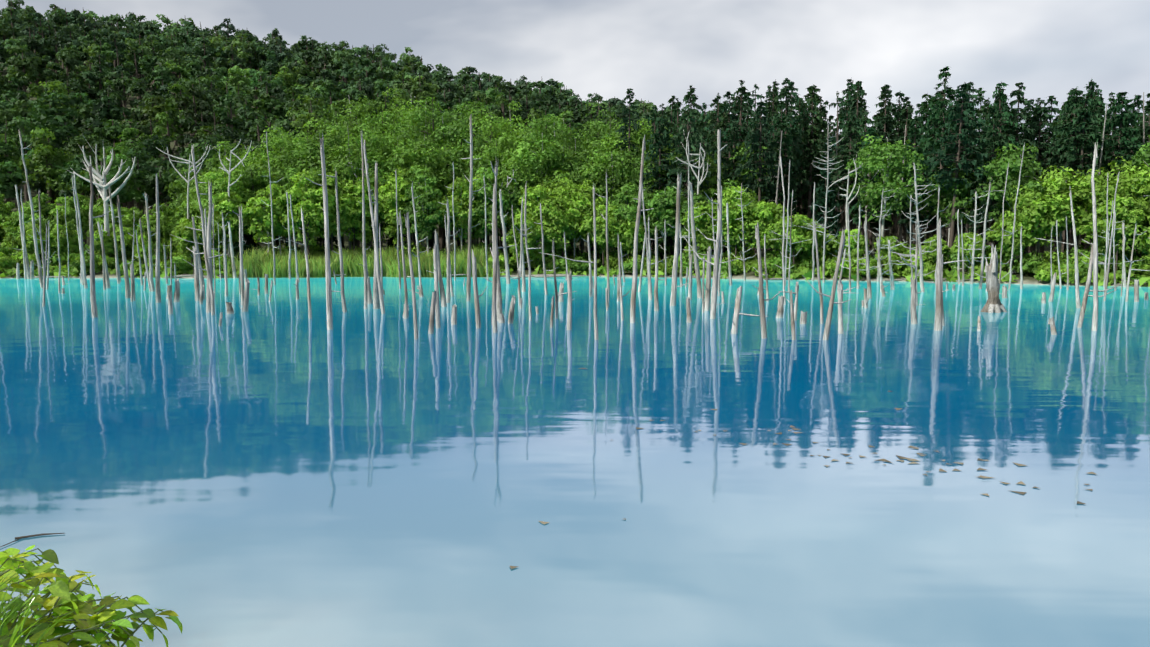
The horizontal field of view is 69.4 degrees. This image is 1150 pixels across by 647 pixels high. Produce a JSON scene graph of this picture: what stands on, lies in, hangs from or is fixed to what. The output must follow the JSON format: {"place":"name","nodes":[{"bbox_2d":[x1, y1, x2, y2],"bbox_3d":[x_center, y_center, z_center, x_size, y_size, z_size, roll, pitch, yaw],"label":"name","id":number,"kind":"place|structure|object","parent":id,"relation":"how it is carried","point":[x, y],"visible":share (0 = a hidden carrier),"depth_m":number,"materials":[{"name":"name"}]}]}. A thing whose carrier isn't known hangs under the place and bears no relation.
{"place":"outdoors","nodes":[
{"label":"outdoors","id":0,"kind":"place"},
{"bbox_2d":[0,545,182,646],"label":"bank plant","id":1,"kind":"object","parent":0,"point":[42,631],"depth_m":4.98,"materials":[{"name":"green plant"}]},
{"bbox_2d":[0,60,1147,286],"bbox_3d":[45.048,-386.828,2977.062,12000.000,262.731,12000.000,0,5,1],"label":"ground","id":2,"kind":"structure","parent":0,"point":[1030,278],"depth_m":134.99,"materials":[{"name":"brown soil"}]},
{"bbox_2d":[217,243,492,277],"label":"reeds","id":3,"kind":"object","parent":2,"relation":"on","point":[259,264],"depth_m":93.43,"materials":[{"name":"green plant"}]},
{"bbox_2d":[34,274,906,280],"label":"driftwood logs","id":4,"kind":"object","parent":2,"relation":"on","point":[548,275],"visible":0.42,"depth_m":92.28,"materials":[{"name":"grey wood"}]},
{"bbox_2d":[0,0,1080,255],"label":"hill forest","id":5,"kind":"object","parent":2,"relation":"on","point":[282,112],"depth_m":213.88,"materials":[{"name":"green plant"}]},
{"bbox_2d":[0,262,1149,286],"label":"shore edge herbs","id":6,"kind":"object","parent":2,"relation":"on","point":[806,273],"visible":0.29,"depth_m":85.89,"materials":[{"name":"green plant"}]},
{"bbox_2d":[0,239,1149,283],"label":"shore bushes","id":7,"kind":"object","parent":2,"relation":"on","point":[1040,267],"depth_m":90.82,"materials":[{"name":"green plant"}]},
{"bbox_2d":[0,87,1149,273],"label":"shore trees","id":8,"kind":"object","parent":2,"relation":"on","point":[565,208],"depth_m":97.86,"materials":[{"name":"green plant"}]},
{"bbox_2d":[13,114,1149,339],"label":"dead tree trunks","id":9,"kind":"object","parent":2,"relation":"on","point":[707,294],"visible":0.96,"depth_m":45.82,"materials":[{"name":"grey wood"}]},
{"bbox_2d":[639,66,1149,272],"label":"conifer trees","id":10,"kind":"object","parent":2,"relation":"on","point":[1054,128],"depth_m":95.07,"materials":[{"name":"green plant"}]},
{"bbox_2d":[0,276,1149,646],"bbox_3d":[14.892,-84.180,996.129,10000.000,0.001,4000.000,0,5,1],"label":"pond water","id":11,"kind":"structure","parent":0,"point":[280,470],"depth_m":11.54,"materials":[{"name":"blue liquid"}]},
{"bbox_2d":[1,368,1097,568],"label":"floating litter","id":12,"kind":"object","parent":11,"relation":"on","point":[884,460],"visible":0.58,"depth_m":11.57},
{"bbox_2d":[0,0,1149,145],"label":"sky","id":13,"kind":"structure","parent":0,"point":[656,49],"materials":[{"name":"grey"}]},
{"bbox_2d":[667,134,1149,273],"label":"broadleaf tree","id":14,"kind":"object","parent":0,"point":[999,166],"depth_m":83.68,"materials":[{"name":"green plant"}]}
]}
※
What is being asked:
Restate the records above exactly, less any pictures.

Result for this task:
The horizontal field of view is 69.4 degrees. This image is 1150 pixels across by 647 pixels high. Produce a JSON scene graph of this picture: what stands on, lies in, hangs from or is fixed to what. The output must follow the JSON format: {"place":"name","nodes":[{"bbox_2d":[x1, y1, x2, y2],"bbox_3d":[x_center, y_center, z_center, x_size, y_size, z_size, roll, pitch, yaw],"label":"name","id":number,"kind":"place|structure|object","parent":id,"relation":"how it is carried","point":[x, y],"visible":share (0 = a hidden carrier),"depth_m":number,"materials":[{"name":"name"}]}]}. A thing whose carrier isn't known hangs under the place and bears no relation.
{"place":"outdoors","nodes":[
{"label":"outdoors","id":0,"kind":"place"},
{"bbox_2d":[0,545,182,646],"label":"bank plant","id":1,"kind":"object","parent":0,"point":[42,631],"depth_m":4.98,"materials":[{"name":"green plant"}]},
{"bbox_2d":[0,60,1147,286],"bbox_3d":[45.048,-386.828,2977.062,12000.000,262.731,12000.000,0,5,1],"label":"ground","id":2,"kind":"structure","parent":0,"point":[1030,278],"depth_m":134.99,"materials":[{"name":"brown soil"}]},
{"bbox_2d":[217,243,492,277],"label":"reeds","id":3,"kind":"object","parent":2,"relation":"on","point":[259,264],"depth_m":93.43,"materials":[{"name":"green plant"}]},
{"bbox_2d":[34,274,906,280],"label":"driftwood logs","id":4,"kind":"object","parent":2,"relation":"on","point":[548,275],"visible":0.42,"depth_m":92.28,"materials":[{"name":"grey wood"}]},
{"bbox_2d":[0,0,1080,255],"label":"hill forest","id":5,"kind":"object","parent":2,"relation":"on","point":[282,112],"depth_m":213.88,"materials":[{"name":"green plant"}]},
{"bbox_2d":[0,262,1149,286],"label":"shore edge herbs","id":6,"kind":"object","parent":2,"relation":"on","point":[806,273],"visible":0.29,"depth_m":85.89,"materials":[{"name":"green plant"}]},
{"bbox_2d":[0,239,1149,283],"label":"shore bushes","id":7,"kind":"object","parent":2,"relation":"on","point":[1040,267],"depth_m":90.82,"materials":[{"name":"green plant"}]},
{"bbox_2d":[0,87,1149,273],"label":"shore trees","id":8,"kind":"object","parent":2,"relation":"on","point":[565,208],"depth_m":97.86,"materials":[{"name":"green plant"}]},
{"bbox_2d":[13,114,1149,339],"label":"dead tree trunks","id":9,"kind":"object","parent":2,"relation":"on","point":[707,294],"visible":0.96,"depth_m":45.82,"materials":[{"name":"grey wood"}]},
{"bbox_2d":[639,66,1149,272],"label":"conifer trees","id":10,"kind":"object","parent":2,"relation":"on","point":[1054,128],"depth_m":95.07,"materials":[{"name":"green plant"}]},
{"bbox_2d":[0,276,1149,646],"bbox_3d":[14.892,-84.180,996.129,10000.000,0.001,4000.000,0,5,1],"label":"pond water","id":11,"kind":"structure","parent":0,"point":[280,470],"depth_m":11.54,"materials":[{"name":"blue liquid"}]},
{"bbox_2d":[1,368,1097,568],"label":"floating litter","id":12,"kind":"object","parent":11,"relation":"on","point":[884,460],"visible":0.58,"depth_m":11.57},
{"bbox_2d":[0,0,1149,145],"label":"sky","id":13,"kind":"structure","parent":0,"point":[656,49],"materials":[{"name":"grey"}]},
{"bbox_2d":[667,134,1149,273],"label":"broadleaf tree","id":14,"kind":"object","parent":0,"point":[999,166],"depth_m":83.68,"materials":[{"name":"green plant"}]}
]}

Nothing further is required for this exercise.